Les deux pays ont déjà amorcé distinctement le processus de prospection des ressources offshore après d’importantes découvertes ces dernières années de gisements pétroliers et gaziers dans plusieurs pays du bassin est de la Méditerranée.

Le Liban, qui a signé en février 2018 son premier contrat d’exploration offshore avec un consortium dominé par le groupe français Total, a découpé son espace maritime en dix blocs, dont quatre situés le long de la délimitation avec l’espace maritime chypriote.

Le 4 avril, Beyrouth a annoncé le lancement d’un deuxième appel d’offres pour l’exploration de cinq nouveaux blocs, dont trois jouxtent les eaux chypriotes, invitant les consortiums internationaux à déposer leurs offres d’ici janvier 2020.

« Nous avons convenu de mener des discussions en vue d’un accord bilatéral concernant l’exploitation des ressources énergétiques à cheval entre nos zones économiques exclusives (ZEE) », a déclaré jeudi le ministre libanais des Affaires étrangères, Gebran Bassil, lors d’une conférence de presse avec son homologue chypriote dans la capitale libanaise.
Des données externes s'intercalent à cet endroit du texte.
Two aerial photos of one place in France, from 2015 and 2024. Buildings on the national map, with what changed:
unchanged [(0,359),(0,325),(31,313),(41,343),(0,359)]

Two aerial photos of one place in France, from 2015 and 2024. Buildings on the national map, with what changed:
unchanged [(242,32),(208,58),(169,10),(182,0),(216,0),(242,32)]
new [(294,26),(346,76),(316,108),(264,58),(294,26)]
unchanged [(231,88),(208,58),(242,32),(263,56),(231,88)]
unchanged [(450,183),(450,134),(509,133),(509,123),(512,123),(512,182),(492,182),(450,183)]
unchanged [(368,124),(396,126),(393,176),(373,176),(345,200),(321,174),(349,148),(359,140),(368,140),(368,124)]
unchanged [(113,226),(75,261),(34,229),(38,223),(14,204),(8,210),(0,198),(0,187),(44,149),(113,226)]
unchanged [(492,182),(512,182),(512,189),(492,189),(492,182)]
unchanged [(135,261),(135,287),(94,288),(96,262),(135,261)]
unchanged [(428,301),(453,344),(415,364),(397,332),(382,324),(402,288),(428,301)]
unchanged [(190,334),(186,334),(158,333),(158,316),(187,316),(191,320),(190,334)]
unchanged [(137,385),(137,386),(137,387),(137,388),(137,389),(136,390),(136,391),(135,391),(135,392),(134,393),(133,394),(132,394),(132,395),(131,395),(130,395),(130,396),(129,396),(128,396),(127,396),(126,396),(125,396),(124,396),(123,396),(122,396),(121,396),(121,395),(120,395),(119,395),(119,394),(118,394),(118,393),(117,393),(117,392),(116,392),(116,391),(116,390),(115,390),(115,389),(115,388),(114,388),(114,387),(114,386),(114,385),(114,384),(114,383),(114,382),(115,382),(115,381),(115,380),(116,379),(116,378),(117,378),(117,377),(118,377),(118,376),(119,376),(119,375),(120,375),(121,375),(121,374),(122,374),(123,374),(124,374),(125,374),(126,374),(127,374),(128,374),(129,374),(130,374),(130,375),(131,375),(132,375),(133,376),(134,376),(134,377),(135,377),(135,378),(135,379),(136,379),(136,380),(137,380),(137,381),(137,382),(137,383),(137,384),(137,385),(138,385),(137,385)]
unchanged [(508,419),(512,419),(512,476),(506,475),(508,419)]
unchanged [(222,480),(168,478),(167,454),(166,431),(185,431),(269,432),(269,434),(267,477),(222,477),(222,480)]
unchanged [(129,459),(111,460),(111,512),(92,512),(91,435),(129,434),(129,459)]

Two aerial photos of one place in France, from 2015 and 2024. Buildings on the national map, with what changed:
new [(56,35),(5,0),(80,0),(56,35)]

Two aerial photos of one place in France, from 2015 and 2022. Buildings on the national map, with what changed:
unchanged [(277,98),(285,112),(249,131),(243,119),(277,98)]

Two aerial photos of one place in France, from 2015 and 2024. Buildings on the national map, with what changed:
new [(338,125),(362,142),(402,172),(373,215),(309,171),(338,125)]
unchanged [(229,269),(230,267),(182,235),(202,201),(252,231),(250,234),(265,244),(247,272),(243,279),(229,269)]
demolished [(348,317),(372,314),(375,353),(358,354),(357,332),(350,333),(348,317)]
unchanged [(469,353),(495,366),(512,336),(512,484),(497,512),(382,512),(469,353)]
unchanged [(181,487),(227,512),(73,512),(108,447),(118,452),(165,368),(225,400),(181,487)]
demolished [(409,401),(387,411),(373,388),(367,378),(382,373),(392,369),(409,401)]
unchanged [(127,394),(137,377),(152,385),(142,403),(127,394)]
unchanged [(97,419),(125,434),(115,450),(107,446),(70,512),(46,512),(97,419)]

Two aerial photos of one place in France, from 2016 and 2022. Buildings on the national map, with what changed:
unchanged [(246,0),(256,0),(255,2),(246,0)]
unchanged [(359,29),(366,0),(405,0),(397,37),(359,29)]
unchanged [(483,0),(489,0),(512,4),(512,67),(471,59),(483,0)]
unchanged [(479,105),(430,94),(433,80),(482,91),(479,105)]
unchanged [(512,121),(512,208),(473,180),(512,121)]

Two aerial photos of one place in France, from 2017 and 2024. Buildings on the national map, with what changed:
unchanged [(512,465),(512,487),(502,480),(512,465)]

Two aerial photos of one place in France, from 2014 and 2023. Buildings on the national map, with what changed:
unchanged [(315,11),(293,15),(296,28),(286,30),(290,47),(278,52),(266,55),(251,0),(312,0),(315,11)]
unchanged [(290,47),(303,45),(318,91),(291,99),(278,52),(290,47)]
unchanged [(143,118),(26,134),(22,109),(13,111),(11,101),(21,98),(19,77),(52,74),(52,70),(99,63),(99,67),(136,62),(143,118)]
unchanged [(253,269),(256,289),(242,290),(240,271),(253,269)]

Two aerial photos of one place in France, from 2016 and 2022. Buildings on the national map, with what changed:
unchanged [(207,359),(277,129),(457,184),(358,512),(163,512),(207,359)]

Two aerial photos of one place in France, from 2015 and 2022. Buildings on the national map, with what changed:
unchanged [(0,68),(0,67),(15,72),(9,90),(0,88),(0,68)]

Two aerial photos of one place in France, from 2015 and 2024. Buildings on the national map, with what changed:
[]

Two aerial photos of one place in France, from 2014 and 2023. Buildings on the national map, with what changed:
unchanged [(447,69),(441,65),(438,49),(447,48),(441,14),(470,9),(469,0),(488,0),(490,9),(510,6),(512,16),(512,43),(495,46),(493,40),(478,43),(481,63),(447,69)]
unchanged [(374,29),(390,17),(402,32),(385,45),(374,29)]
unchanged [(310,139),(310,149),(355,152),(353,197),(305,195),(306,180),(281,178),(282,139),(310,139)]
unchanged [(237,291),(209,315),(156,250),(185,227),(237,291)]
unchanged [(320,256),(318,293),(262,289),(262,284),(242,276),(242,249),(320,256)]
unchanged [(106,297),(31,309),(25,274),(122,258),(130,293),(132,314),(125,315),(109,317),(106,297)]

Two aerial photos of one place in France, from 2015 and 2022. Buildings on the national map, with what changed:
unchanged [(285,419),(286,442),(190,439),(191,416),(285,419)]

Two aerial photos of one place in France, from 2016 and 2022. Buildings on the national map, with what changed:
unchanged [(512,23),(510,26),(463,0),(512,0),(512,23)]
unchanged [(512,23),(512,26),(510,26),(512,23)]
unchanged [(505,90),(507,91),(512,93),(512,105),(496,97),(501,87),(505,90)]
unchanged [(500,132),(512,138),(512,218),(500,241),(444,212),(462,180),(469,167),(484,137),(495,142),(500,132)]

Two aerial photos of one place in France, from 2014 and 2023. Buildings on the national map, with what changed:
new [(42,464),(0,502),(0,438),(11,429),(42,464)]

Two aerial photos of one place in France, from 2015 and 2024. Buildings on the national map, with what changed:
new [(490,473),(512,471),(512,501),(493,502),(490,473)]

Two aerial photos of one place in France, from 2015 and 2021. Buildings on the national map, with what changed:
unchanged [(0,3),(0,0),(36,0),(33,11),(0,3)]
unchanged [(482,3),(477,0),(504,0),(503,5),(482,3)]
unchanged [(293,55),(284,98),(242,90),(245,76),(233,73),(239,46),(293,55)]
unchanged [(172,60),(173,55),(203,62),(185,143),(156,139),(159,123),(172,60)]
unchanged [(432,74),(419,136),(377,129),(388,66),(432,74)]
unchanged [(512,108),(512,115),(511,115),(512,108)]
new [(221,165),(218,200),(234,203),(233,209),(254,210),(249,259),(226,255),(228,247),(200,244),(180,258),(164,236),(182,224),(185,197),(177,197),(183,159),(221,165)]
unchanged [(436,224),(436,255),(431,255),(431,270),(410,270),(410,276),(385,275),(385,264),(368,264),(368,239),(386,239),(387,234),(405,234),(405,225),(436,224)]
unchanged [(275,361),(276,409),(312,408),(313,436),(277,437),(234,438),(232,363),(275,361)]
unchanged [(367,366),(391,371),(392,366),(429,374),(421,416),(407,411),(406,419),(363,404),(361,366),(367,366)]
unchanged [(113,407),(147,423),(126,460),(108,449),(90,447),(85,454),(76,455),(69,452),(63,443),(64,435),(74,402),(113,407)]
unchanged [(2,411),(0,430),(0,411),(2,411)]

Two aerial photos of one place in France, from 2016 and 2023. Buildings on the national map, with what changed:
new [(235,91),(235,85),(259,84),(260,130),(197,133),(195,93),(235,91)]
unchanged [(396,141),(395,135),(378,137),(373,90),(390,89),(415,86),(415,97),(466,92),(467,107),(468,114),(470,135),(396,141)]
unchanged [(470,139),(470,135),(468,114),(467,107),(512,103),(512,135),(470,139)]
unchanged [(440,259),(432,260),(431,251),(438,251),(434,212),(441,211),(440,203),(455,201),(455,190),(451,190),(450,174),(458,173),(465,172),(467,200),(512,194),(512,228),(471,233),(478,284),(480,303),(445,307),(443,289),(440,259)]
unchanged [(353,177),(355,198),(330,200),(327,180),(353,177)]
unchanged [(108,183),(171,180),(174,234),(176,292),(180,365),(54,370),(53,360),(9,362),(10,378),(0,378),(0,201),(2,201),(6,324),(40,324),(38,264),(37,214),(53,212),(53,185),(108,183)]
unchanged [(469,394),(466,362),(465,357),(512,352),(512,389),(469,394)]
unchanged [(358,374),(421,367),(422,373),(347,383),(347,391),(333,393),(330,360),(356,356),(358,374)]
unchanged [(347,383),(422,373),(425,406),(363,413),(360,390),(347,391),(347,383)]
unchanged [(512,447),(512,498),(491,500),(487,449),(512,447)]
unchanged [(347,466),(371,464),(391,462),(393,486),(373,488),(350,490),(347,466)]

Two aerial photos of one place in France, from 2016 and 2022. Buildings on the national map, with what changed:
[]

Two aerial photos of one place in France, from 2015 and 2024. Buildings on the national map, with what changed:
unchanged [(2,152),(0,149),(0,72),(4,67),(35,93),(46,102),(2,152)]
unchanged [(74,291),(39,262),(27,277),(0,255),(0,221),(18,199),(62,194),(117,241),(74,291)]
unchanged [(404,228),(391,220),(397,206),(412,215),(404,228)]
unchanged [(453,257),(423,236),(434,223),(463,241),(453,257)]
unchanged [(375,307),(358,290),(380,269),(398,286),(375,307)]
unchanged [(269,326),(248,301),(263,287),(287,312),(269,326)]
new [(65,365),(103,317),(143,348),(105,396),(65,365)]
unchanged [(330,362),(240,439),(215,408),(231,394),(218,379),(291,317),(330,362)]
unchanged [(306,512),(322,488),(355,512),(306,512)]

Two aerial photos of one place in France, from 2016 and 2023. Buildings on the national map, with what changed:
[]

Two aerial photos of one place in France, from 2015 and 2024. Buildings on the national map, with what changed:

Un premier rendez-vous a été fixé au « 7 mai pour discuter des points d’accord et d’éventuels points de divergence », a précisé M. Bassil. Il sera suivi d’un « sommet » en juin entre les deux pays pour une « évaluation plus précise » du potentiel de coopération bilatérale.

Le chef de la diplomatie libanaise a dit espérer aboutir à un accord final en septembre.

Celui-ci s’étendrait « aux frontières, circuits et installations pouvant être partagées pour le transport et l’exportation (…) du pétrole et du gaz » offshore, a-t-il déclaré.

La conclusion d’un accord est d’autant plus urgente que Chypre débute l’an prochain les travaux de forage dans un gisement accolé aux eaux maritimes libanaises, a insisté M. Bassil.

Le ministre chypriote des Affaires étrangères, Nikos Christodoulides, a affirmé pour sa part qu’un éventuel accord avec le Liban rassurerait les investisseurs.

« Un tel accord enverrait un message fort de coopération entre nos pays, offrant la sécurité juridique indispensable aux entreprises internationales désireuses d’investir dans le vaste potentiel en hydrocarbures de la région », a-t-il déclaré.

Illustration : le logo Total. (Crédit : CC BY-SA 3.0)

L’accord conclu l’an dernier par le Liban avec le consortium composé de Total, de l’italien ENI et du russe Novatek, portait sur deux blocs adjacents aux fonds-marins israéliens, dont un bloc situé dans une zone contestée par Israël.

Les deux pays sont encore techniquement en guerre, même après le retrait d’Israël du sud du Liban en 2000.